PRIOR DAY LATER TWEETS:
• Later tweets: Fever-Tree co-founder Charles Rolls finds himself long of £82m cash after selling about a quarter of his stake in Fevertree. Nice…
• Begbies says more restaurants in distress. Tell us about it. Hit by sluggish spend, cost increases, discounting & overcapacity
• Conviviality fund raise could wipe out shareholders who don’t follow their money. Tough but such is life
• More British people are choosing to staycations over traveling abroad per WTTC. Hankies for hats, trousers rolled up. Here we go
• Brexit concerns within EU side-tracked by Russia as the latter splits the west. Trump, Brexit, tariffs, jingoism etc.

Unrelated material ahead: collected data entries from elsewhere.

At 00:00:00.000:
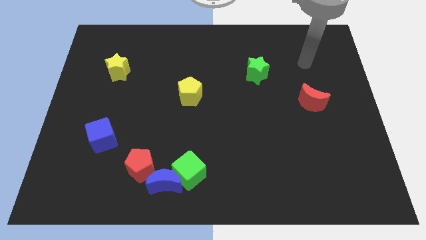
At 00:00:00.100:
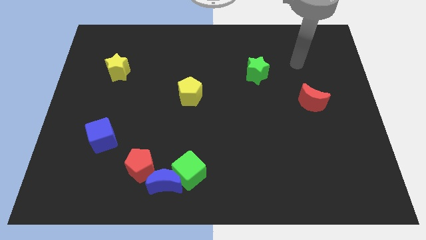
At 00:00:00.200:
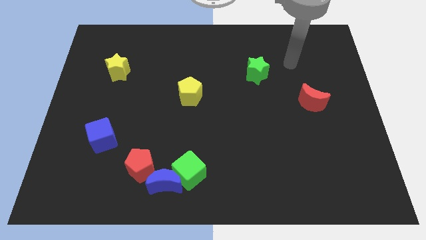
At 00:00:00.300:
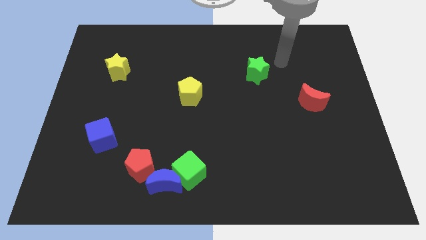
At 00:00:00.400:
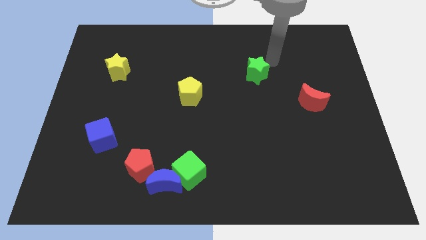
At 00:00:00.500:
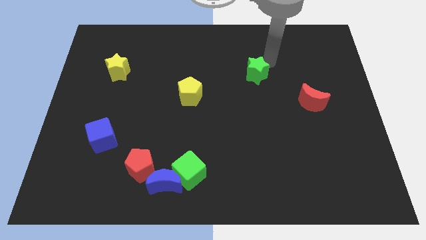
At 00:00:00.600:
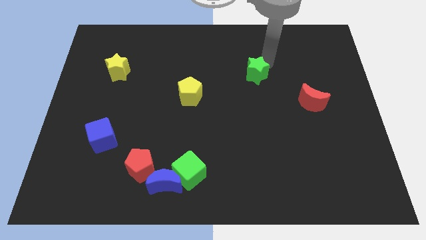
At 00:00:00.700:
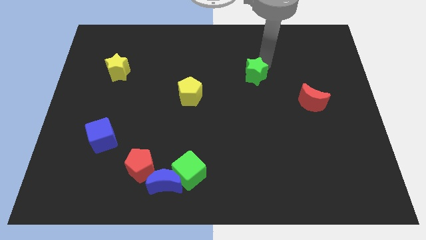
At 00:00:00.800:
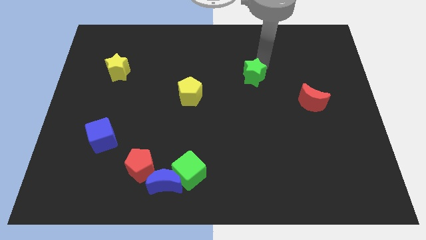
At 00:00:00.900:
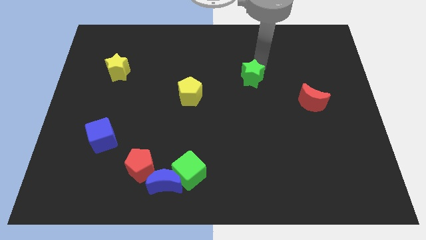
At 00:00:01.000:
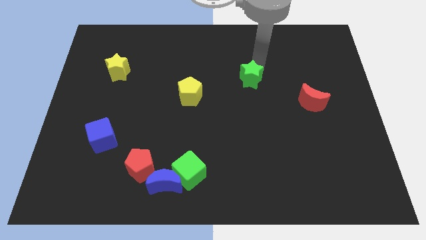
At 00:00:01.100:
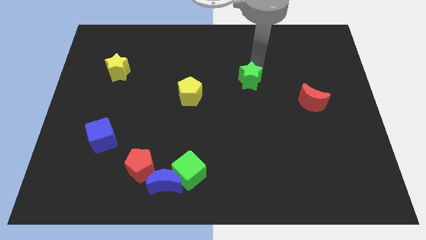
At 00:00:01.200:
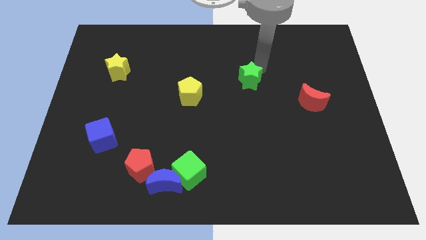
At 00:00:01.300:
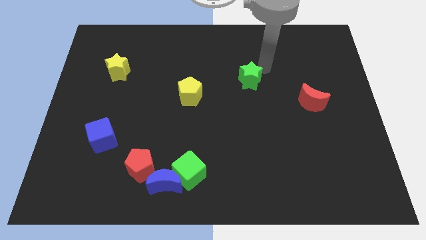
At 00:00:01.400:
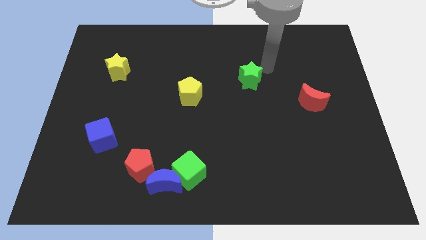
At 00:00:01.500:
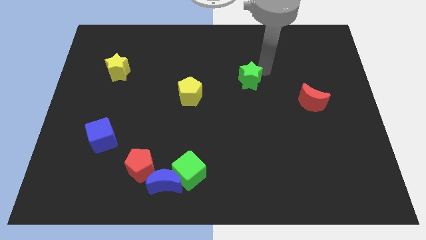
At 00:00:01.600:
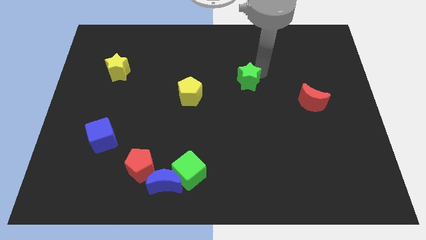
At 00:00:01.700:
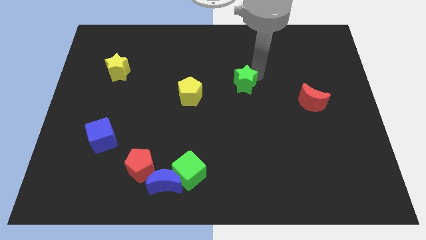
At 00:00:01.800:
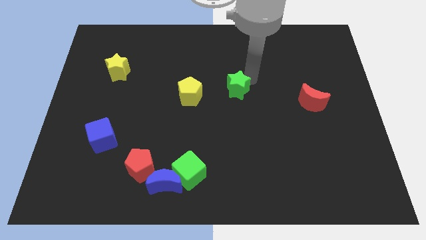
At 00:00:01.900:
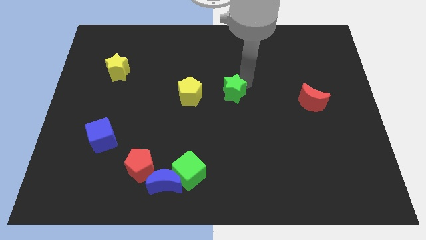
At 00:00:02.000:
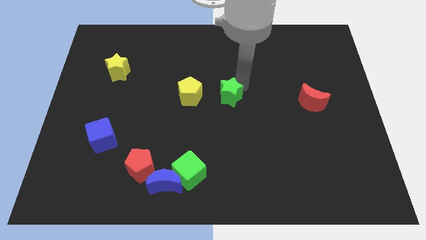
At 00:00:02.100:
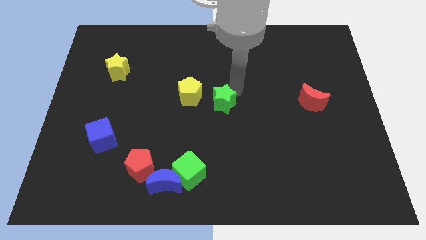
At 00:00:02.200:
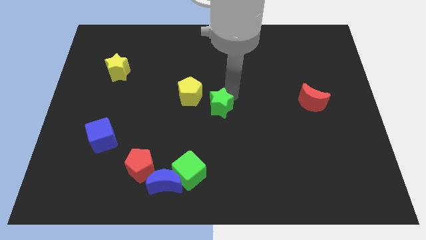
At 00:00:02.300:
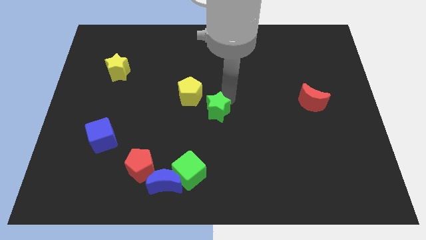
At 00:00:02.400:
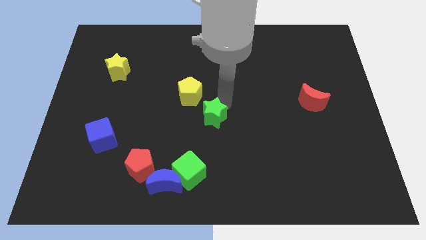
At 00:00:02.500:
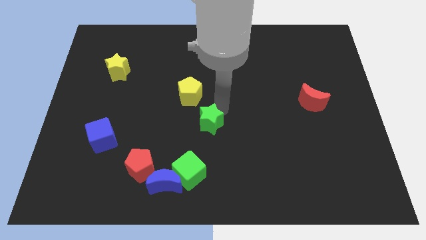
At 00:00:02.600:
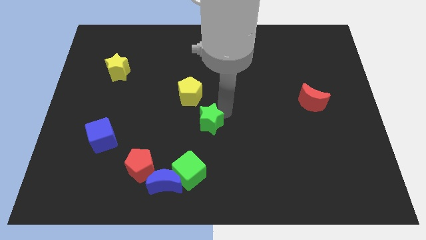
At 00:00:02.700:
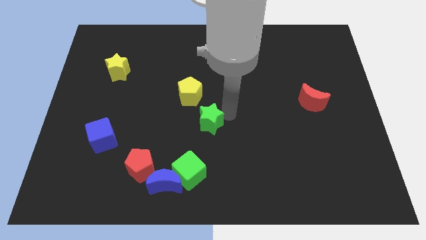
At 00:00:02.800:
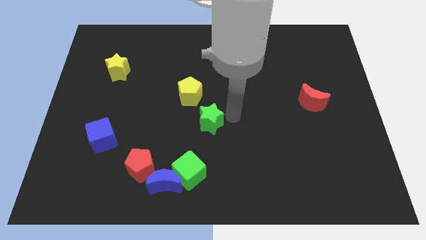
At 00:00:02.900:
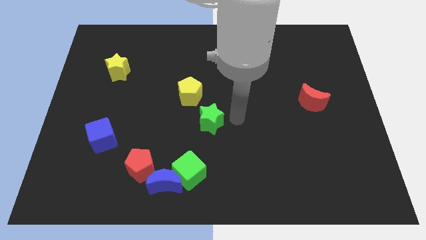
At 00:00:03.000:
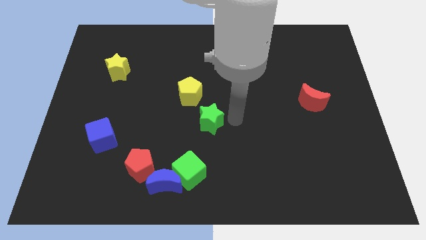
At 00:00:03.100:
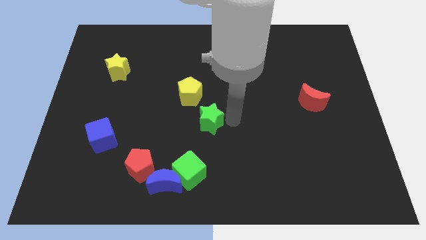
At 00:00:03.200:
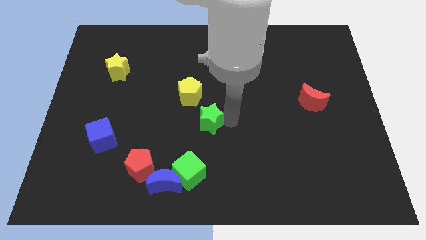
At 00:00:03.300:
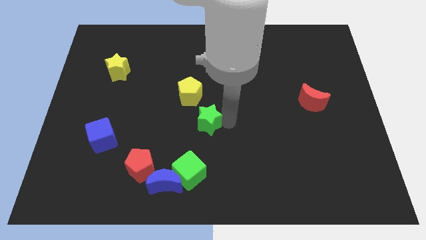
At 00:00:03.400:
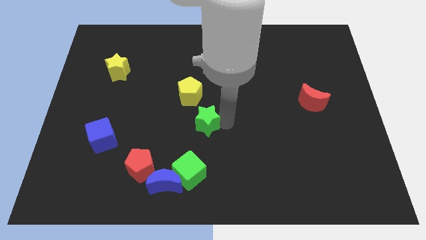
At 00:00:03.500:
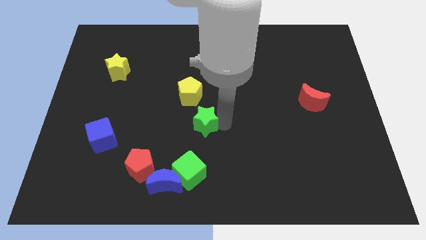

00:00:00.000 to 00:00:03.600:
slide the green star down and left diagonally

• Next says ‘in many ways 2017 was the most challenging year we have faced for twenty-five years.’ Full price sales down 7%
START THE DAY WITH A SONG:
Last Friday’s song was Pure Shores by All Saints, but today who sang the following:
Taskmaster burst the bionic zit-splitter
Breakneck speed we drown ten pints of bitter
We lean all day and some say that ain’t productive
That depend upon the demons that you’re stuck with
RETAIL NEWS WITH NICK BUBB:
• “The Daily Retailer” is going to be on holiday now until after Easter. Nick will be back, bright and early, on Tuesday April 3rd.